African Canvas: The Art of West African Women by Margaret Courtney-Clarke (Author), Maya Angelou (Foreword)

African Canvas: The Art of West African Women by Margaret Courtney-Clarke (Author), Maya Angelou (Foreword)

$28.00
Hardcover, 204 pages.

Photojournalist Courtney-Clarke, whose book Ndebele captured the painted wall art of South Africa, brings the same inquiring spirit to this depiction of her three-year trek from Nigeria to Senegal. Surviving sandstorms, locusts and malaria, she documents the bold geometric and symbolic wall paintings made by women in remote West African villages. These women transform objects from their daily world--a fish net, a cooking pot, a weaving, a calabash--into rippling patterns laden with cosmic significance. Made with natural pigments from plants or clay, these pictures often perish in the rainy season. Creeping urbanization is also taking its toll on the villages, whose mud compounds, houses, clothing, body painting and pottery Courtney-Clarke documents as well. This strong, moving photoessay is equally valuable as an investigation of a dwindling way of life and as a permanent record of a seldom-seen vernacular art form. Copyright 1990 Reed Business Information, Inc.
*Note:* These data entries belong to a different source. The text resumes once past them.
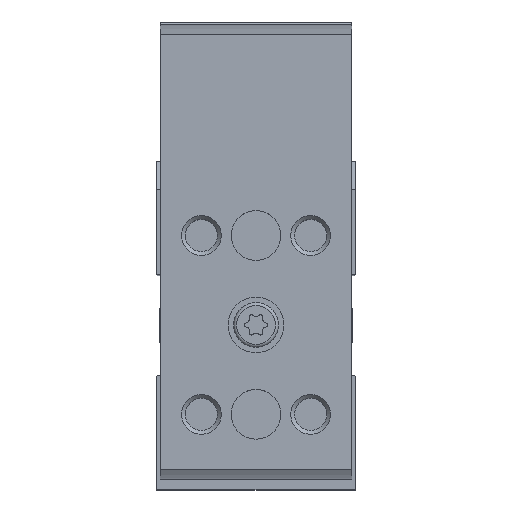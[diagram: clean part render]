
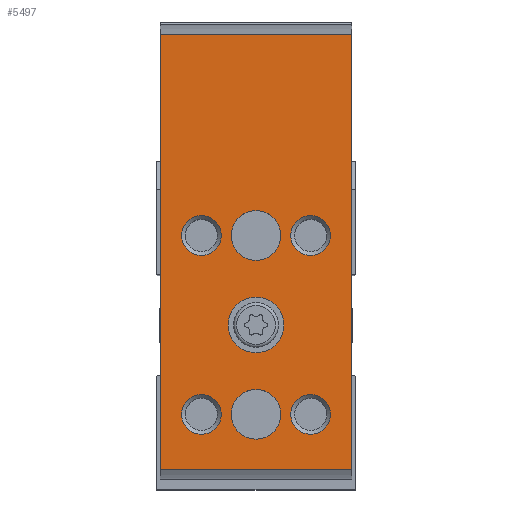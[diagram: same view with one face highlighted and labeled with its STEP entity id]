
A CAD part, top view. The second image highlights one B-rep face of the part: STEP entity #5497.
In plain terms, the highlighted planar face has unit normal (0, 0, 1).
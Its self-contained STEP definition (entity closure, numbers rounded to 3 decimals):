
#410=CIRCLE('',#7196,2.8);
#411=CIRCLE('',#7197,2.5);
#412=CIRCLE('',#7198,2.5);
#413=CIRCLE('',#7199,2.);
#414=CIRCLE('',#7200,2.);
#415=CIRCLE('',#7201,2.);
#416=CIRCLE('',#7202,2.);
#1460=ORIENTED_EDGE('',*,*,#2517,.T.);
#1461=ORIENTED_EDGE('',*,*,#2518,.T.);
#1462=ORIENTED_EDGE('',*,*,#2519,.T.);
#1463=ORIENTED_EDGE('',*,*,#2520,.F.);
#1464=ORIENTED_EDGE('',*,*,#2521,.F.);
#1465=ORIENTED_EDGE('',*,*,#2522,.F.);
#1466=ORIENTED_EDGE('',*,*,#2523,.F.);
#1467=ORIENTED_EDGE('',*,*,#2524,.T.);
#1468=ORIENTED_EDGE('',*,*,#2525,.F.);
#1469=ORIENTED_EDGE('',*,*,#2526,.F.);
#1470=ORIENTED_EDGE('',*,*,#2527,.T.);
#2517=EDGE_CURVE('',#3138,#3138,#410,.T.);
#2518=EDGE_CURVE('',#3139,#3139,#411,.T.);
#2519=EDGE_CURVE('',#3140,#3140,#412,.T.);
#2520=EDGE_CURVE('',#3141,#3141,#413,.T.);
#2521=EDGE_CURVE('',#3142,#3142,#414,.T.);
#2522=EDGE_CURVE('',#3143,#3143,#415,.T.);
#2523=EDGE_CURVE('',#3144,#3144,#416,.T.);
#2524=EDGE_CURVE('',#3145,#3146,#3619,.T.);
#2525=EDGE_CURVE('',#3147,#3146,#3620,.T.);
#2526=EDGE_CURVE('',#3148,#3147,#3621,.T.);
#2527=EDGE_CURVE('',#3148,#3145,#3622,.T.);
#3138=VERTEX_POINT('',#10339);
#3139=VERTEX_POINT('',#10341);
#3140=VERTEX_POINT('',#10343);
#3141=VERTEX_POINT('',#10345);
#3142=VERTEX_POINT('',#10347);
#3143=VERTEX_POINT('',#10349);
#3144=VERTEX_POINT('',#10351);
#3145=VERTEX_POINT('',#10353);
#3146=VERTEX_POINT('',#10354);
#3147=VERTEX_POINT('',#10356);
#3148=VERTEX_POINT('',#10358);
#3619=LINE('',#10352,#4021);
#3620=LINE('',#10355,#4022);
#3621=LINE('',#10357,#4023);
#3622=LINE('',#10359,#4024);
#4021=VECTOR('',#8576,1000.);
#4022=VECTOR('',#8577,1000.);
#4023=VECTOR('',#8578,1000.);
#4024=VECTOR('',#8579,1000.);
#4402=EDGE_LOOP('',(#1460));
#4403=EDGE_LOOP('',(#1461));
#4404=EDGE_LOOP('',(#1462));
#4405=EDGE_LOOP('',(#1463));
#4406=EDGE_LOOP('',(#1464));
#4407=EDGE_LOOP('',(#1465));
#4408=EDGE_LOOP('',(#1466));
#4409=EDGE_LOOP('',(#1467,#1468,#1469,#1470));
#4923=FACE_BOUND('',#4402,.T.);
#4924=FACE_BOUND('',#4403,.T.);
#4925=FACE_BOUND('',#4404,.T.);
#4926=FACE_BOUND('',#4405,.T.);
#4927=FACE_BOUND('',#4406,.T.);
#4928=FACE_BOUND('',#4407,.T.);
#4929=FACE_BOUND('',#4408,.T.);
#4930=FACE_BOUND('',#4409,.T.);
#5255=PLANE('',#7195);
#5497=ADVANCED_FACE('',(#4923,#4924,#4925,#4926,#4927,#4928,#4929,#4930),
#5255,.F.);
#7195=AXIS2_PLACEMENT_3D('',#10337,#8560,#8561);
#7196=AXIS2_PLACEMENT_3D('',#10338,#8562,#8563);
#7197=AXIS2_PLACEMENT_3D('',#10340,#8564,#8565);
#7198=AXIS2_PLACEMENT_3D('',#10342,#8566,#8567);
#7199=AXIS2_PLACEMENT_3D('',#10344,#8568,#8569);
#7200=AXIS2_PLACEMENT_3D('',#10346,#8570,#8571);
#7201=AXIS2_PLACEMENT_3D('',#10348,#8572,#8573);
#7202=AXIS2_PLACEMENT_3D('',#10350,#8574,#8575);
#8560=DIRECTION('',(0.,0.,-1.));
#8561=DIRECTION('',(-1.,0.,0.));
#8562=DIRECTION('',(0.,0.,-1.));
#8563=DIRECTION('',(-1.,0.,0.));
#8564=DIRECTION('',(0.,0.,-1.));
#8565=DIRECTION('',(-1.,0.,0.));
#8566=DIRECTION('',(0.,0.,-1.));
#8567=DIRECTION('',(-1.,0.,0.));
#8568=DIRECTION('',(0.,0.,1.));
#8569=DIRECTION('',(1.,0.,0.));
#8570=DIRECTION('',(0.,0.,1.));
#8571=DIRECTION('',(1.,0.,0.));
#8572=DIRECTION('',(0.,0.,1.));
#8573=DIRECTION('',(1.,0.,0.));
#8574=DIRECTION('',(0.,0.,1.));
#8575=DIRECTION('',(1.,0.,0.));
#8576=DIRECTION('',(0.,-1.,0.));
#8577=DIRECTION('',(-1.,0.,0.));
#8578=DIRECTION('',(0.,-1.,0.));
#8579=DIRECTION('',(-1.,0.,0.));
#10337=CARTESIAN_POINT('',(9.65,46.,0.));
#10338=CARTESIAN_POINT('',(0.,15.5,0.));
#10339=CARTESIAN_POINT('',(-2.8,15.5,0.));
#10340=CARTESIAN_POINT('',(0.,6.5,0.));
#10341=CARTESIAN_POINT('',(-2.5,6.5,0.));
#10342=CARTESIAN_POINT('',(0.,24.5,0.));
#10343=CARTESIAN_POINT('',(-2.5,24.5,0.));
#10344=CARTESIAN_POINT('',(-5.5,24.5,0.));
#10345=CARTESIAN_POINT('',(-3.5,24.5,0.));
#10346=CARTESIAN_POINT('',(5.5,24.5,0.));
#10347=CARTESIAN_POINT('',(7.5,24.5,0.));
#10348=CARTESIAN_POINT('',(-5.5,6.5,0.));
#10349=CARTESIAN_POINT('',(-3.5,6.5,0.));
#10350=CARTESIAN_POINT('',(5.5,6.5,0.));
#10351=CARTESIAN_POINT('',(7.5,6.5,0.));
#10352=CARTESIAN_POINT('',(-9.65,46.,0.));
#10353=CARTESIAN_POINT('',(-9.65,44.747,0.));
#10354=CARTESIAN_POINT('',(-9.65,0.953,0.));
#10355=CARTESIAN_POINT('',(9.65,0.953,0.));
#10356=CARTESIAN_POINT('',(9.65,0.953,0.));
#10357=CARTESIAN_POINT('',(9.65,46.,0.));
#10358=CARTESIAN_POINT('',(9.65,44.747,0.));
#10359=CARTESIAN_POINT('',(9.65,44.747,0.));

A beautiful pictorial survey of many of the traditions of architectural decoration created by women in various regions of West Africa. Courtney-Clarke, a journalist-photographer who previously wrote the similar Ndebele: The Art of an African Tribe ( LJ 8/86), provides an introduction consisting of commentary on the problems of locating and photographing the murals and their artists, as well as a brief discussion preceding each group of photos. As a record of an ephemeral art that is being abandoned in many areas, this book is strongly recommended for public and academic libraries. - Eugene C. Burt, Seattle Copyright 1990 Reed Business Information, Inc.

My objective in this work is to document an extraordinary art form - vernacular art and architecture in West Africa - that is not transportable and therefore not seen in museums around the world. It is an attempt to capture the unseen Africa, a glimpse into the homes and into the spirit of very proud and dignified peoples. In much the same way as I photographed the art of Ndebele women, I have drawn on my personal affinity for the art itself, for methods, design and form, rather than the socio-anthropological or political realities of a people or continent in dilemma. These images portray a unique tradition of Africa, a celebration of an indigenous rural culture in which the women are the artists and the home her canvas.